We can also transform between World and Pixel coordinates, using ST_RasterToWorldCoord[XY] and ST_WorldToRasterCoord[XY] functions:

SELECT
ST_RasterToWorldCoord (raster, 0, 0) AS coord,
ST_RasterToWorldCoordX(raster, 0, 0) AS coord_x,
ST_RasterToWorldCoordY(raster, 0, 0) AS coord_y,

ST_WorldToRasterCoord (raster,
ST_RasterToWorldCoordX(raster, 1, 2),
ST_RasterToWorldCoordY(raster, 1, 2)) AS coord,
ST_WorldToRasterCoordX(raster,
ST_RasterToWorldCoordX(raster, 1, 2),
ST_RasterToWorldCoordY(raster, 1, 2)) AS col,
ST_WorldToRasterCoordY(raster,
ST_RasterToWorldCoordX(raster, 1, 2),
ST_RasterToWorldCoordY(raster, 1, 2)) AS row,
FROM
'./test/data/mosaic/SCL.tif-land-clip00.tiff'
;

Raster aggregates

We only have two aggregate functions, ST_RasterMosaic_Agg() and ST_RasterUnion_Agg(). First function creates a new virtual raster mosaicking input rasters, the second one joins them at band level. Under the hoods functions really invoke GDALBuildVRT().

WITH __input AS (
SELECT
1 AS mosaic_id,
ST_RasterFromFile(file) AS raster
FROM
glob('./test/data/mosaic/*.tiff')
),
__mosaic AS (
SELECT
ST_RasterMosaic_Agg(raster, options => ['-r', 'bilinear']) AS mosaic
FROM
__input
GROUP BY
mosaic_id
)
SELECT
ST_RasterAsFile(
mosaic,
'./test/data/mosaic.tiff',
'COG',
['COMPRESS=LZW']
)
AS result
FROM
__mosaic
;

Previous SQL statement loads all Gtiff’s in a folder, our four sample tiles, creates a mosaic from them (Aggregate function) and finally saves the mosaic to a new COG file.

Raster processing

I have developed only two functions, ST_RasterWarp() & ST_RasterClip(), as you can suppose, they are a simple wrapper of GDALWarp().

WITH __input AS (
SELECT
1 AS mosaic_id,
ST_RasterFromFile(file) AS raster
FROM
glob('./test/data/mosaic/*.tiff')
),
__mosaic AS (
SELECT
ST_RasterMosaic_Agg(raster, options => ['-r', 'bilinear']) AS mosaic
FROM
__input
GROUP BY
mosaic_id
),
__warp AS (
SELECT
ST_RasterWarp(
mosaic,
options => [ '-r', 'bilinear', '-tr', '40.0', '40.0']
)
AS warp
FROM
__mosaic
)
SELECT
ST_RasterAsFile(
warp,
'./test/data/warp.tiff',
'COG',
['COMPRESS=LZW']
)
AS result
FROM
__warp
;

Previous SQL statement, saves the mosaic of input tiles with 40m of resolution, the original resolution is 20m.

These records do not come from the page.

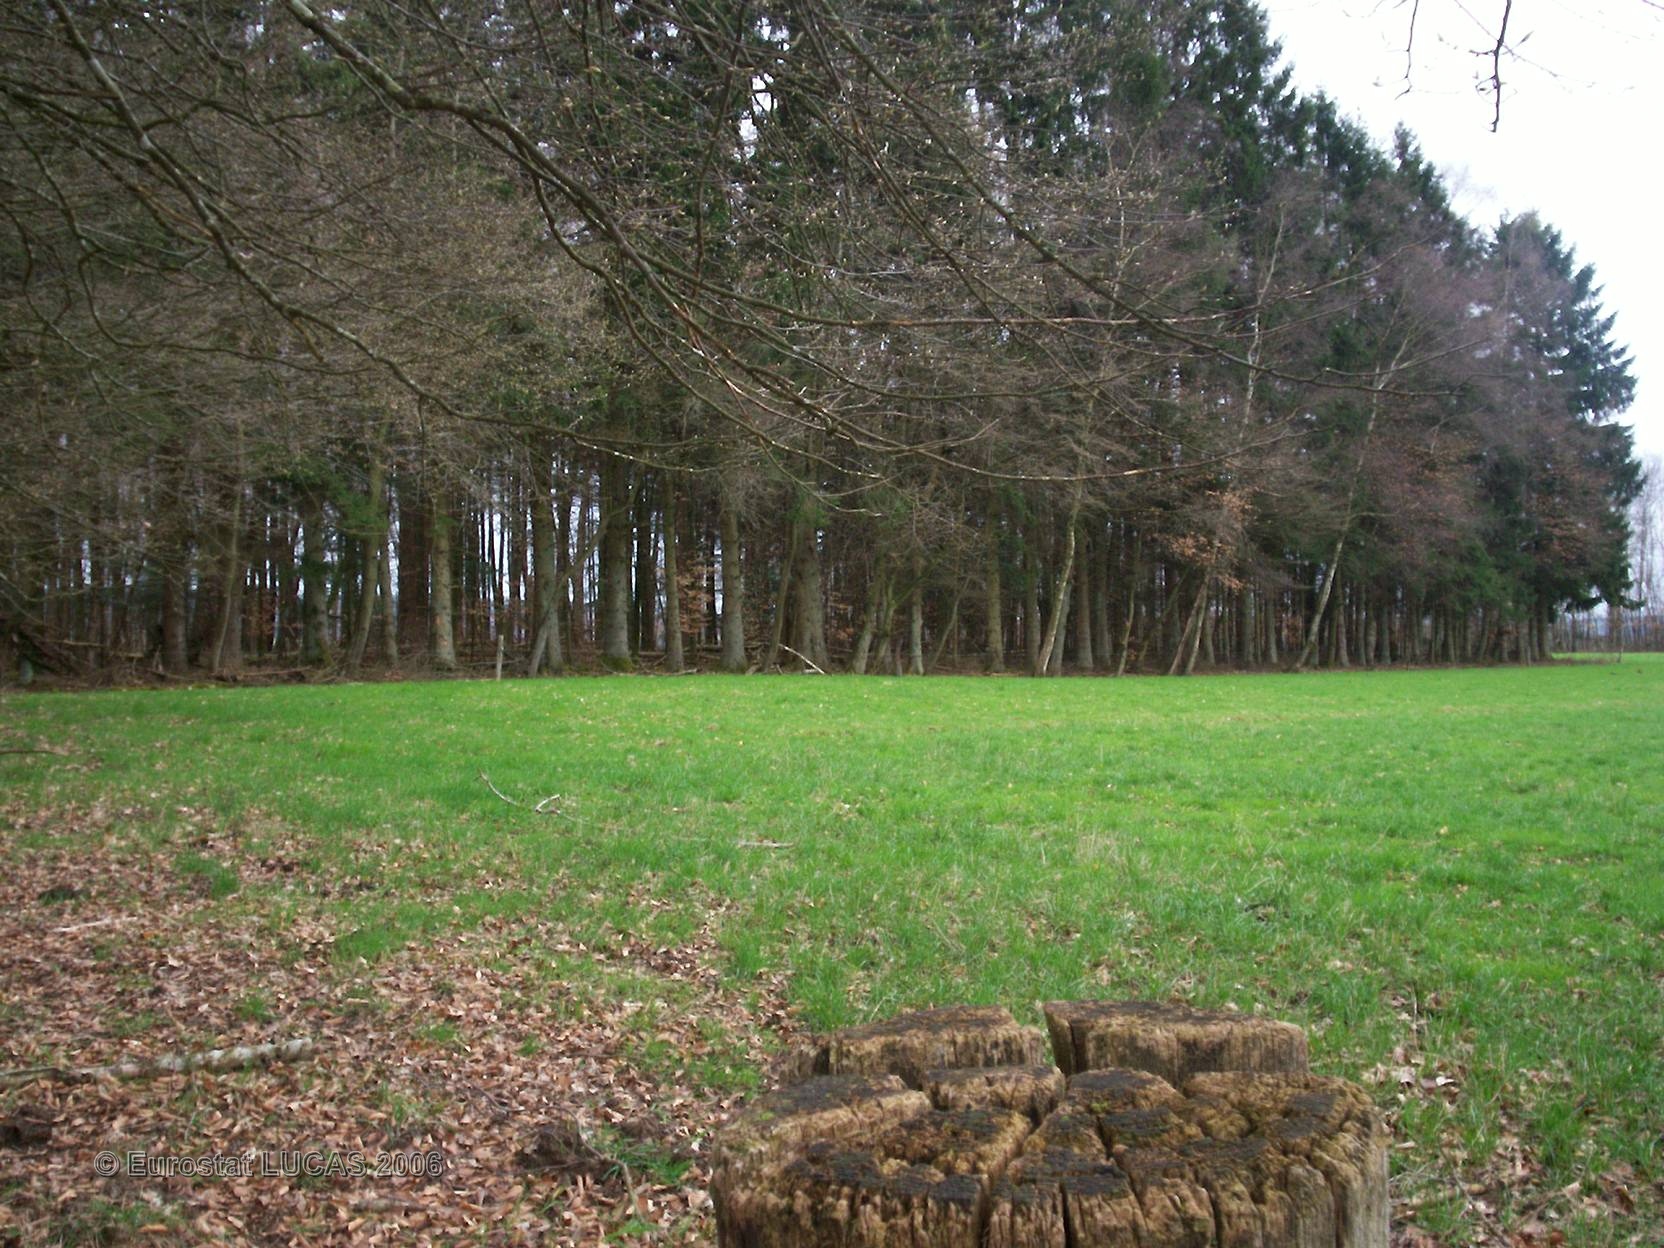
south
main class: Woodland
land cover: Broadleaved forest
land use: Forestry
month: April
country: FR
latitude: 48.0160
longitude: 6.2603
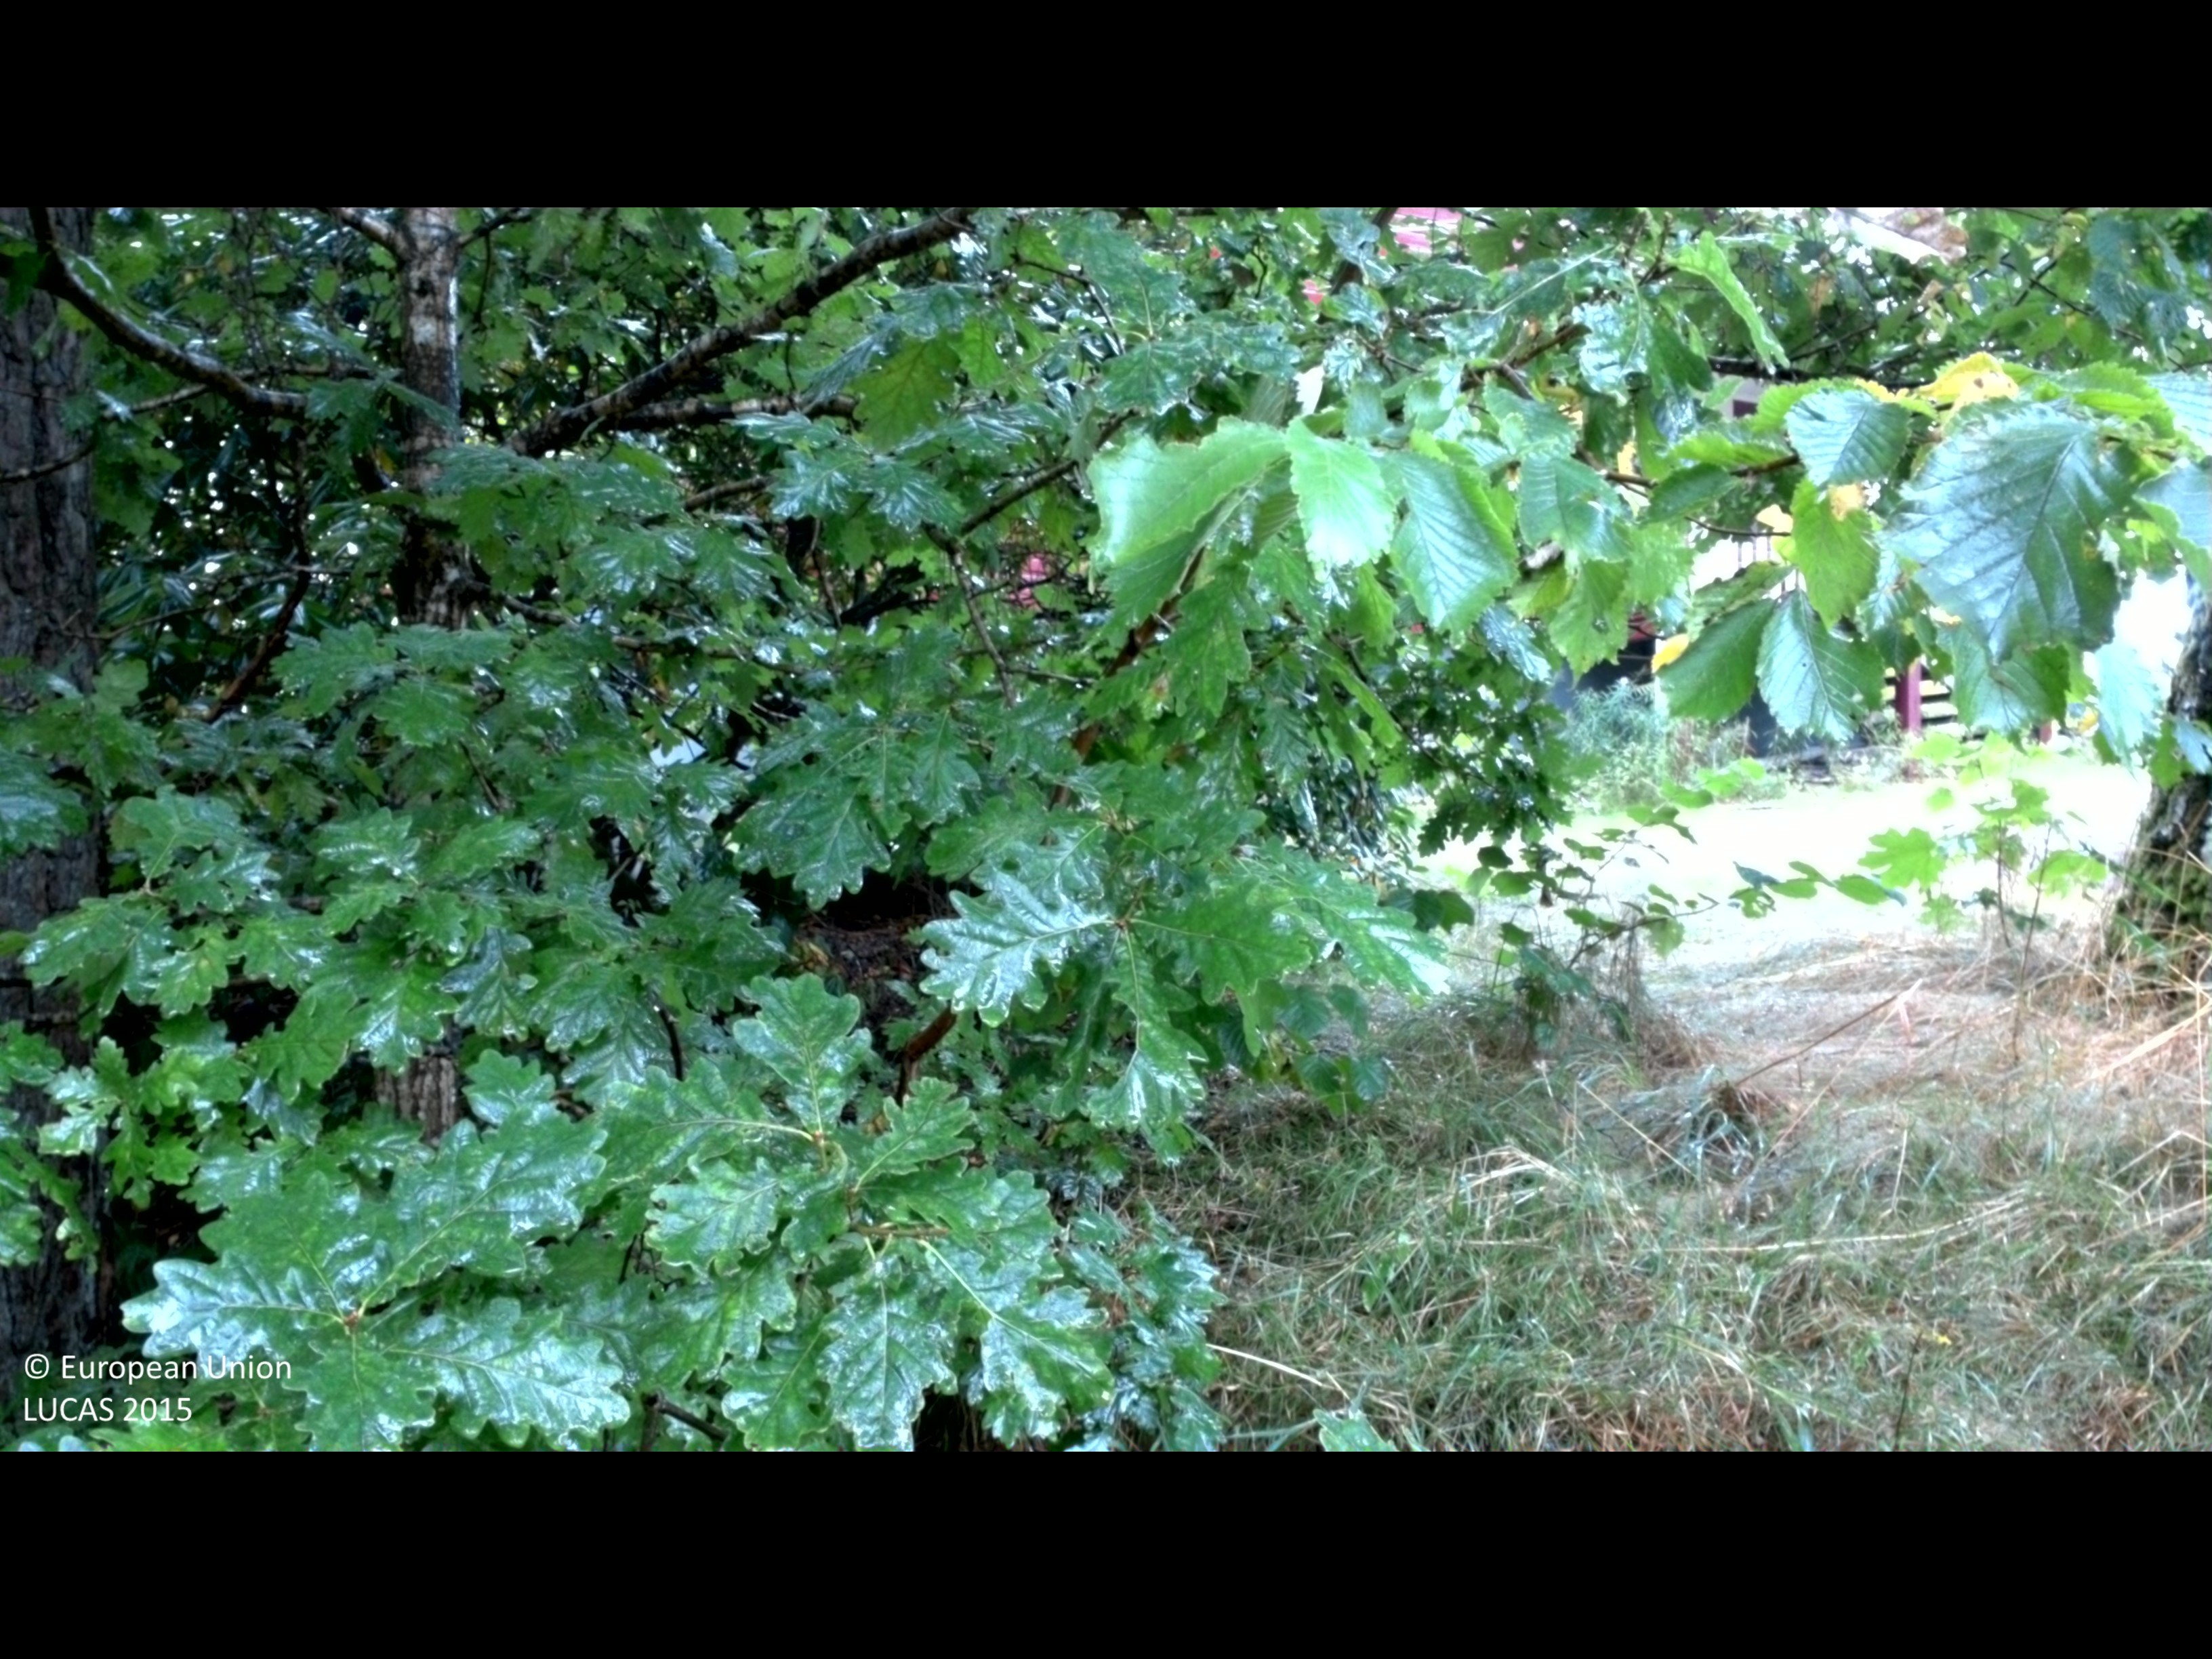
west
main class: Woodland
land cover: Pine dominated mixed woodland
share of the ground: 50 - 75 %
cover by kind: coniferous forest trees 45 %, herbaceous plants 25 %, broadleaved forest trees 20 %, shrubs 10 %
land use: Residential
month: August
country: SE
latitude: 56.9591
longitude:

For clipping the mosaic with a Geometry:

WITH __input AS (
SELECT
1 AS mosaic_id,
ST_RasterFromFile(file) AS raster
FROM
glob('./test/data/mosaic/*.tiff')
),
__mosaic AS (
SELECT
ST_RasterMosaic_Agg(raster, options => ['-r', 'bilinear']) AS mosaic
FROM
__input
GROUP BY
mosaic_id
),
__geometry AS (
SELECT
geom
FROM
ST_Read('./test/data/mosaic/CATAST_Pol_Thownship-PNA.gpkg')
),
__clip AS (
SELECT
ST_RasterClip(
mosaic,
(SELECT geom FROM __geometry LIMIT 1),
options => [
'-r', 'bilinear',
'-crop_to_cutline',
'-wo', 'CUTLINE_ALL_TOUCHED=TRUE'
]
)
AS clip
FROM
__mosaic
)
SELECT
ST_RasterAsFile(
clip,
'./test/data/clip.tiff',
'COG',
['COMPRESS=LZW']
)
AS result
FROM
__clip
;

As you can view, “__geometry” stage loads a Geopackage with ST_Read(), this function is already included in the spatial extension to load geometries from a feature layer.

This is our result:

Almost there, just a moment…

Yes, now, yes. I had to include this! :-)

Conclusion

Integrating raster and satellite imagery offers significant advantages in geospatial data workflows. By incorporating raster data, such as satellite images, into spatial analyses, users gain access to a wealth of information about the Earth’s surface, including land cover, vegetation health, urban development, and more.

This implementation is a proof of concept. It works integrating vector and raster data, of course, only a little subset of functions are there (PostGIS provides a huge set functions), but it can be a starting point.

Anyway, this was a lot of fun, the DuckDB source code contains a huge collection of C/C++ classes, which are hard to understand at first. However, once you understand the impressive array of functionality it offers, browsing its code becomes a pleasure :-)

DuckDB rocks!

Thanks to

  • To DuckDB team, DuckDB is an open-source and fast in-process analytical database. It is an impressive database with incredible performance and a rich set of features and extensions!!!
  • To GDAL project, you know it, GDAL is another super-fantasic toolkit to manage vector & raster data sources.
  • Of course, that tools are composed by an infinity of other open source libraries, thanks to people and organizations who develop amazing open source stuff.

Next steps

  1. Maybe I will write another post, continuing this one, where we query metadata from a SpatioTemporal Asset Catalog (STAC), for example loading imagery from the Sentinel-2 Cloud-Optimized GeoTIFFs dataset (Registry of Open Data on AWS).

The idea is to perform with DuckDB a spatio-temporal filter to fetch tiles, create a mosaic with them, merge their raster bands (e.g. using B2, B3, B8 bands) and finally clip outputs using a specific area of interest (Polygon).

But first of all, I should figure out how to send a HTTP request in DuckDB, for invoking the STAC Catalog endpoint. Maybe something in the “httpfs” extension helps…

UDPATE: Second story is available

2. Maybe my PR is interesting for getting merged in the DuckDB spatial extension, I would be happy to help in this path.

Bye!

--

--